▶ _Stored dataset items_
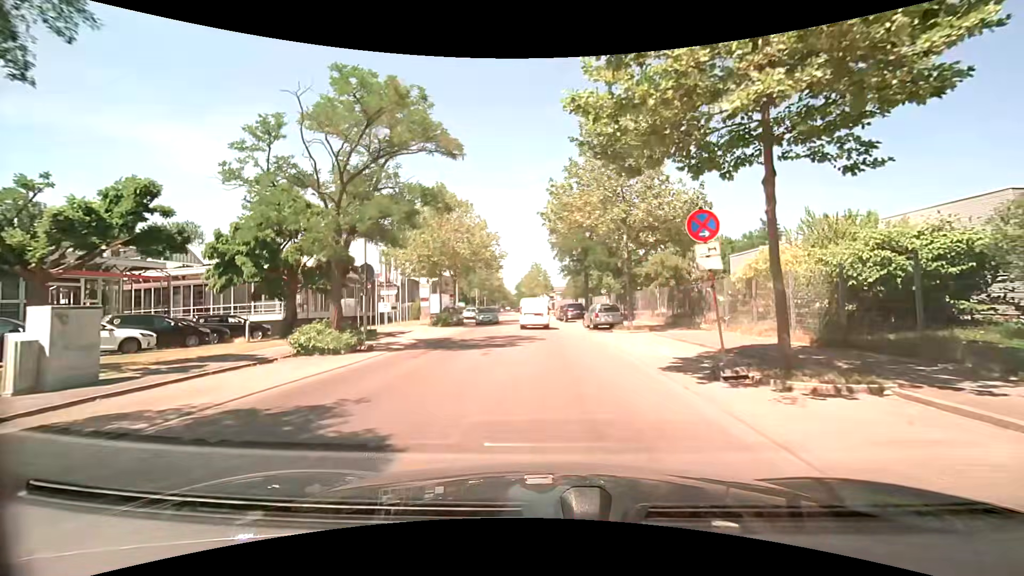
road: unclassified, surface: asphalt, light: Day
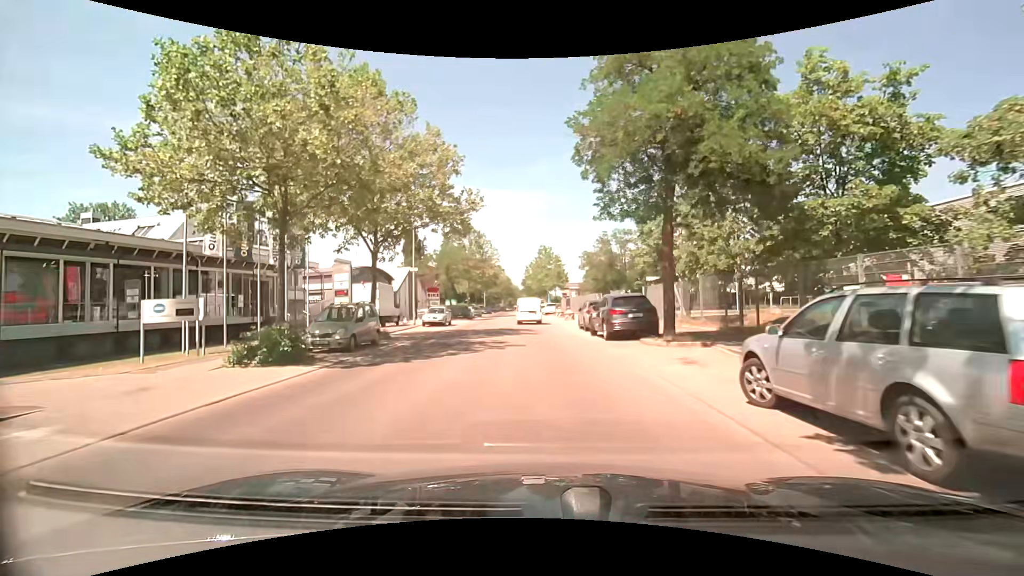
(+0.2, +24.0) m; -1°
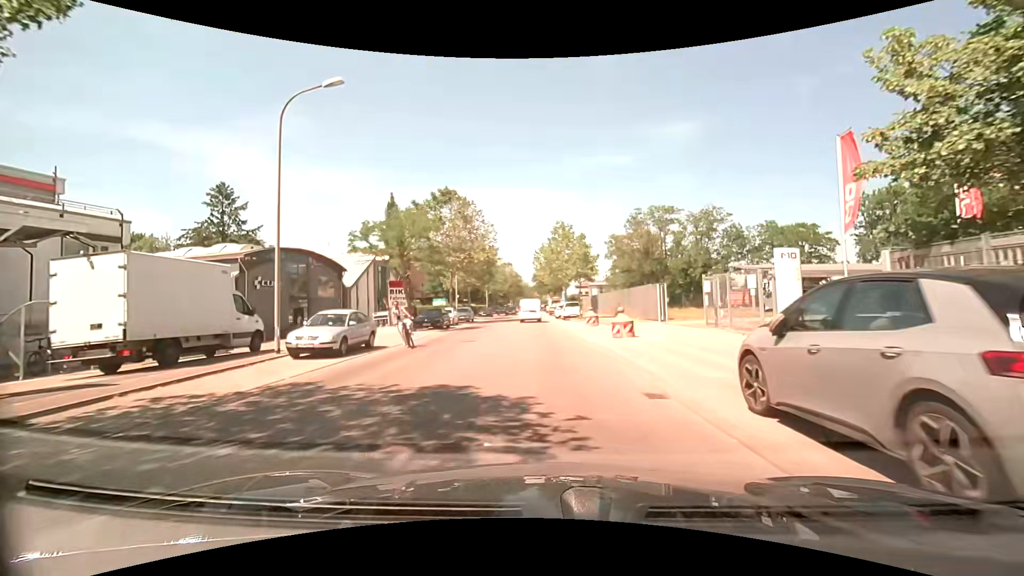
(-0.2, +20.9) m; -1°
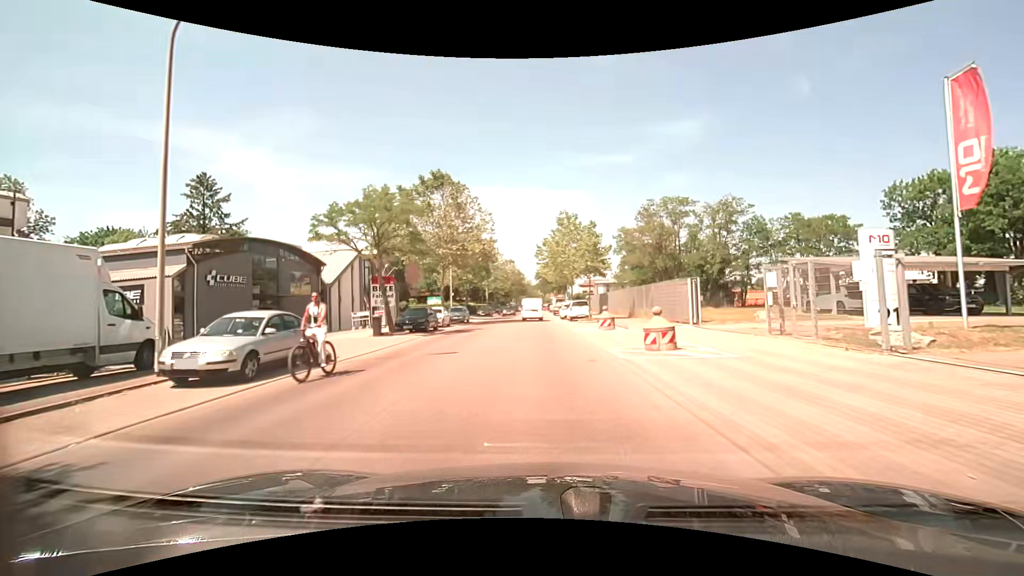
(-0.1, +5.3) m; -1°
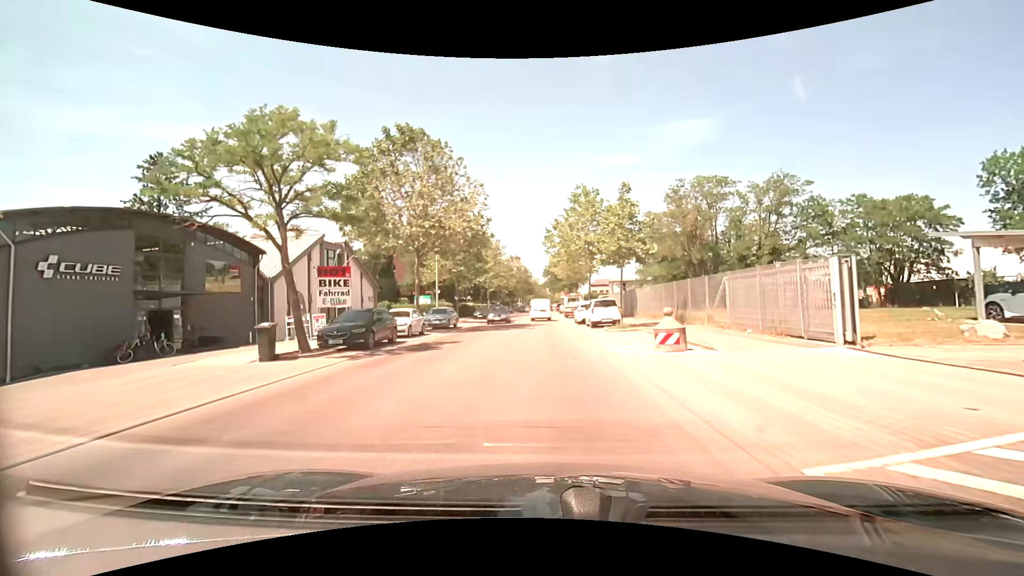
(-0.1, +10.6) m; -2°
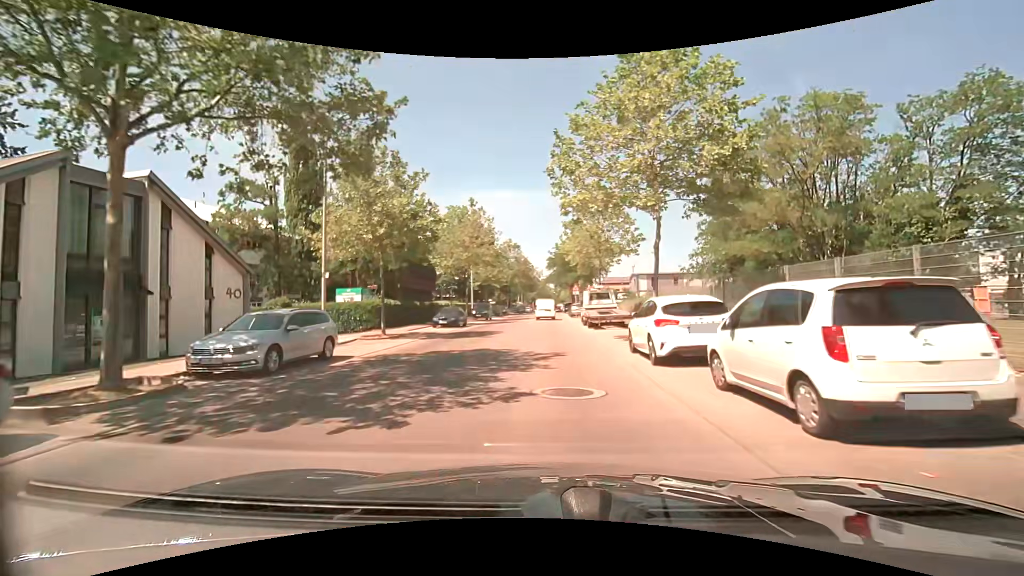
(0.0, +21.7) m; -1°
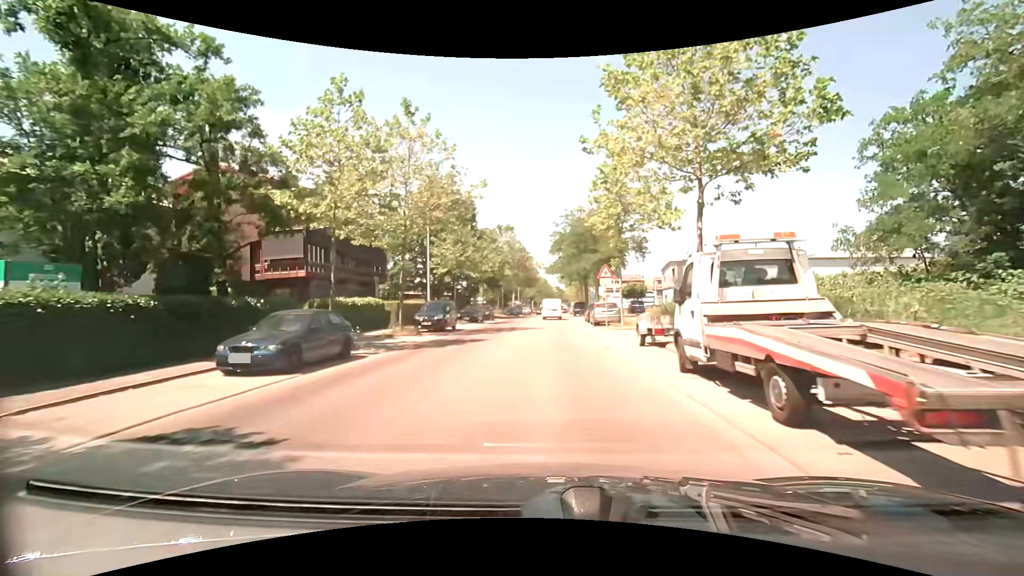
(+0.1, +22.2) m; 0°
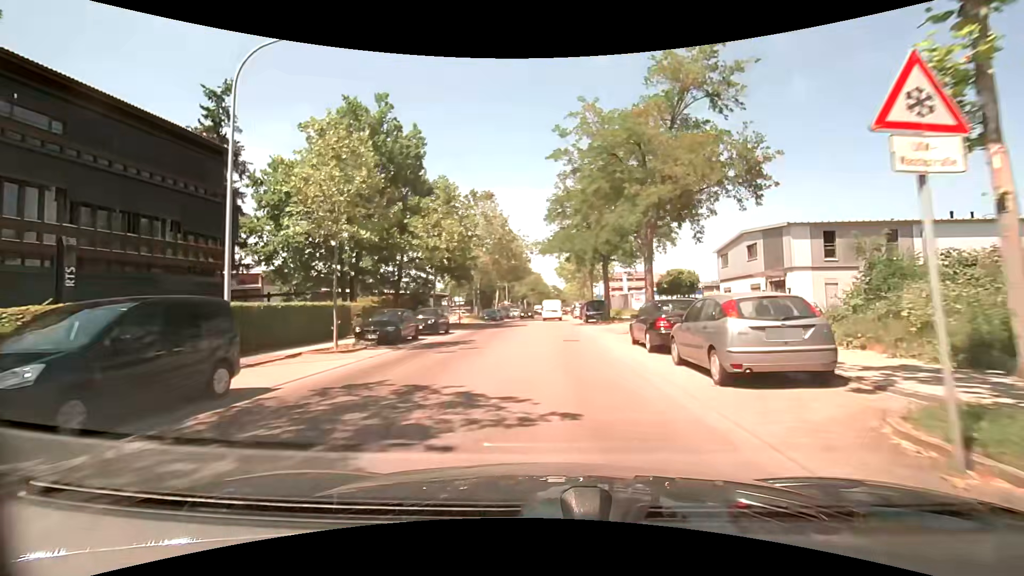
(+0.2, +21.9) m; +1°
(0, +10) (0, +20) (0, +30) (0, +40) (0, +50) (0, +60) (+1, +70) (+1, +80) (+2, +90) (+2, +100) m

▶ _Exercise objective_
The copy must match every line of the data exactly and contain no pictures.

▶ _Task output_
road: unclassified, surface: asphalt, light: Day
(+0.2, +24.0) m; -1°
(-0.2, +20.9) m; -1°
(-0.1, +5.3) m; -1°
(-0.1, +10.6) m; -2°
(0.0, +21.7) m; -1°
(+0.1, +22.2) m; 0°
(+0.2, +21.9) m; +1°
(0, +10) (0, +20) (0, +30) (0, +40) (0, +50) (0, +60) (+1, +70) (+1, +80) (+2, +90) (+2, +100) m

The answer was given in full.